#breadway #retail #fmcg #packaging #byMAISON
The success of packaging projects is often based on close collaboration with the printer and the overall consistency and quality of all the processes we have managed. Indeed, the journey of our crisp packaging started at displays and test prints, continued through the photo studio, the printer and ended up on the shelves of your favourite outlets and on your desk.
Breadway is a Czech bakery company that artfully combines honest tradition and modern technological processes. It is currently a supplier of frozen bakery products to the Czech pre-shops of the Lidl, Tesco and Kaufland chains, where the products are baked and sold fresh. Since 2019, they have also been supplying the outlets with ready-packed products, with the packaging de-signing of which they asked us to help them.
The complex packaging assignment kicked off a long-term cooperation
After previous collaboration, the client approached us with a packaging redesign for sliced breads. Having experienced the specific requirements and technological limits of printing from past collaborations, we knew that the work on the new packaging didn’t just stop at a pretty and functional design. In order to achieve the client’s and our absolute satisfaction, we managed this complex packaging job from graphic design through photography, DTP preparation to supervision and debugging directly at the printer. This is how a long and intensive cooperation with the Breadway brand was established.
The task was to create new packaging for all products in variants specifically for Lidl and Kaufland. The requirement, which determined the direction of the entire design process, was that the larger area of the packaging had to remain transparent. With regard to the material and type of printing, flexo printing was the obvious choice.
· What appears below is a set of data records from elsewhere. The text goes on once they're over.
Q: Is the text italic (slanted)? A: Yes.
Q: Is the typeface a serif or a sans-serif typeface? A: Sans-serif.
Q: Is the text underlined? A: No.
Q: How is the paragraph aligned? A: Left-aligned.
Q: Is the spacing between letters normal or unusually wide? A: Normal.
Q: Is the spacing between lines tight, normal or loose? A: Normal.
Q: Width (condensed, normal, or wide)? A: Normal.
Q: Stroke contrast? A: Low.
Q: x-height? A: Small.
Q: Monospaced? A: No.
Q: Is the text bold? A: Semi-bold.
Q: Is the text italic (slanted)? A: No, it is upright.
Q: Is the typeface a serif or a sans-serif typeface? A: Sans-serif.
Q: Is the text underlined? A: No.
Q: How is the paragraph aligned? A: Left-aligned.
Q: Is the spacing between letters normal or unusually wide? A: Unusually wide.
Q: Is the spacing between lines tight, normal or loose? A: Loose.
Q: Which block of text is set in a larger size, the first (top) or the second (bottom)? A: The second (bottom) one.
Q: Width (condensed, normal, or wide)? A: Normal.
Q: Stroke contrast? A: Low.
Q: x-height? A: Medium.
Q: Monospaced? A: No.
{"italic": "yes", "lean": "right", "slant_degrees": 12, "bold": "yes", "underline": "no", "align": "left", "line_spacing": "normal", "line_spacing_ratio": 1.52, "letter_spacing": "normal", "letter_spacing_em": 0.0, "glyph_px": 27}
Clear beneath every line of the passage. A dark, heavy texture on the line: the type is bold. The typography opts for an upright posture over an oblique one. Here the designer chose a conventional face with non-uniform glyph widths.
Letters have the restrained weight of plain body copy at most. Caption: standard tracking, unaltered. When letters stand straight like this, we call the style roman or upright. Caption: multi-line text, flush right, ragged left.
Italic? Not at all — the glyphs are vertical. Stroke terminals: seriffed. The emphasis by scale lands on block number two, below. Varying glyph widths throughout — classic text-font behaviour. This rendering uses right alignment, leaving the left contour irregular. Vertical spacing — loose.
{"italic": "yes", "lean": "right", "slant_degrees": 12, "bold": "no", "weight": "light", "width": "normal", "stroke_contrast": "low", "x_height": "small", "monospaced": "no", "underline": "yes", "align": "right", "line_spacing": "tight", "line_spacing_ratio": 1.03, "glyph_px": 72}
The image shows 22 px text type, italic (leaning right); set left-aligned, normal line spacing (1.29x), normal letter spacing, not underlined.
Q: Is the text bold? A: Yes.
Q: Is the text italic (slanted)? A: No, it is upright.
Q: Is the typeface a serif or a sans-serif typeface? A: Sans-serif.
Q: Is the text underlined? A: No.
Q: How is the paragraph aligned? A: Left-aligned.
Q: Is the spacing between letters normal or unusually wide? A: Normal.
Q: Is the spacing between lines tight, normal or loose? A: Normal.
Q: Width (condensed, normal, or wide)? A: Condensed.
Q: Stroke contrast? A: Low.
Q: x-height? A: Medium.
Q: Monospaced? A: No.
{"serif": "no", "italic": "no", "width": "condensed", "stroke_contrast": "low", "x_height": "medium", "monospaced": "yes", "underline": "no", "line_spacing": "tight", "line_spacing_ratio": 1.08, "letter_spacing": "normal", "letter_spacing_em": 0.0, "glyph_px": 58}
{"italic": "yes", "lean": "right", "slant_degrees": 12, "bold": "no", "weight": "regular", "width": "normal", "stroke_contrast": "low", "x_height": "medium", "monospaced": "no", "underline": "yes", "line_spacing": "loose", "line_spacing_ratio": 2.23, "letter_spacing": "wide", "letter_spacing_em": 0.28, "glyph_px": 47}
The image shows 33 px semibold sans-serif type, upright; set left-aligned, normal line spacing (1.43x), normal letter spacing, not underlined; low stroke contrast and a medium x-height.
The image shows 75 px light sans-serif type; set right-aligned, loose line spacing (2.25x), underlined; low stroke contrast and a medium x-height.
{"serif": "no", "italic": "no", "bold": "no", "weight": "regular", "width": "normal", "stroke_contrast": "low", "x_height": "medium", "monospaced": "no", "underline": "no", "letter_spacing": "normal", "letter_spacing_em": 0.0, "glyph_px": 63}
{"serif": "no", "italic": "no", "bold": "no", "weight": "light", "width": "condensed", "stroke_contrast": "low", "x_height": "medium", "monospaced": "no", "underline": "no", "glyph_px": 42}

What we had to decipher before the first design
Prior to the redesign, the packaging for Kaufland was vertically split into a clear and a printed section, which caused problems in the print shop with uneven winding of the packaging on the roll and subsequent deformation. This problem was solved by applying varnish to the uncoated part to even out the thickness of the packaging surface. The redesign solved this problem by inserting a horizontal strip across the entire width of the packaging, which carries the colour code of the product and also compensates for the difference in height between the printed and clear material to avoid errors in printing. In the case of the adaptation of the design for Lidl, aware of the limitations, we went a completely different route and the dominant feature of the packaging is a shield set in the centre.
As we redesigned all the packaging, we had a freer hand in creating the function and role of the packaging in detail, but also in the context of the whole range. Products vary in width or height, so we needed to place graphic elements on the same level everywhere to unify the product line on the shelf, in the catalogue or on the web.
Our versatility as added value
As part of the packaging design, we also created the product photos in-house, these were part of the packaging design as per the brief. Not only that, the photos are still used today in the company’s internal presentations, on the web or in catalogues. On this occasion, we also created image shots, which the company also used.
After each major step, we created test mock-ups, on which we tried to fine-tune the content and composition part of the design. We had to reckon with the deformations of the cover and think about the visibility of the different elements and the logo. Throughout the entire duration of this packaging job, we regularly consulted with our print data specialist and the printer, which we jointly chose with the client. We thus eliminated shortcomings and knew what limits the printing technology, material or inks presented.
We fine-tuned it in print
In printing, we used the maximum number of colors that flexo printing technology allows. The primary colour of the packaging is black, we had to create this by double-coating the ink to achieve a perfect deep black. Since we were printing on transparent material, it was obviously necessary to underprint the entire graphic in white as well.
The client wanted to make sure that the project would be completed successfully with the final production of the cover at the printer. Even the best graphic packaging design can fail at this stage. Breadway therefore entrusted us with expert print supervision. We thus handed over the finished packaging to the customer as a result of our comprehensive and extensive work. The client’s investment in the last stage of the process was returned to him in the form of 100% satisfaction with the final result.
Such a comprehensive and long-term packaging cooperation makes both us and the client happy, because we can guarantee the jointly intended result. The client is satisfied with the efficiency, quality and consistency of the processes that we solve for him. As the supplier who manages and oversees the entire process, we are satisfied that we can be absolutely identified with the outcome for which we are responsible.